• **WHAT THE TASK REQUIRES**
Below are some entries. Repeat exactly the lines from the one with "Q: Is the spacing" through the one with "Q: Monospaced? A: No.", and only those.

• **STORED DATA**
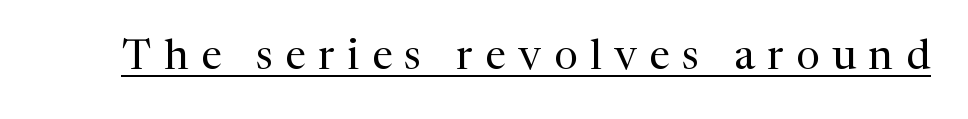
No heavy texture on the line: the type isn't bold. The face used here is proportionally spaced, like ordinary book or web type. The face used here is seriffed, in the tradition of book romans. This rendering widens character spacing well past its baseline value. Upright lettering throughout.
...
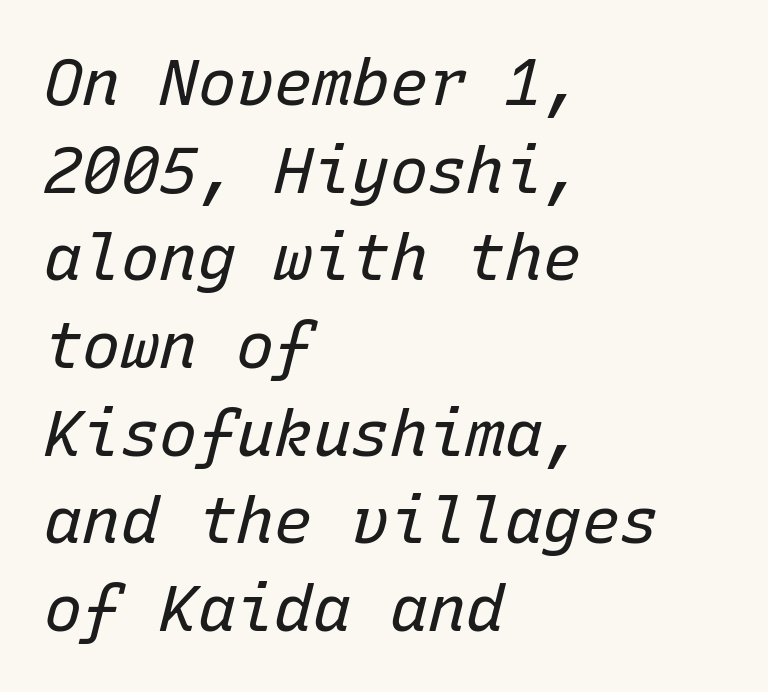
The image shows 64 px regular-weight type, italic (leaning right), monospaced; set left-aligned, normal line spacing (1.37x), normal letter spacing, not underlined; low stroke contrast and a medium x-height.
--
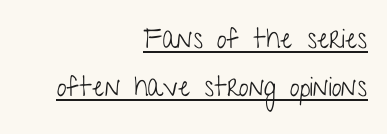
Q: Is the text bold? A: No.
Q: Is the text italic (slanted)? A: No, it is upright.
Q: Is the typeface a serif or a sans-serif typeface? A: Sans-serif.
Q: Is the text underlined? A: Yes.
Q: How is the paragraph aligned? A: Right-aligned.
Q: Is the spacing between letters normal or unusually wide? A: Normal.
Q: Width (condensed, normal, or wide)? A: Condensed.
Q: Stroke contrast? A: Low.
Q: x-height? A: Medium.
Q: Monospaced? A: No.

• **RESULT FOR THIS TASK**
Q: Is the spacing between letters normal or unusually wide? A: Normal.
Q: Width (condensed, normal, or wide)? A: Condensed.
Q: Stroke contrast? A: Low.
Q: x-height? A: Medium.
Q: Monospaced? A: No.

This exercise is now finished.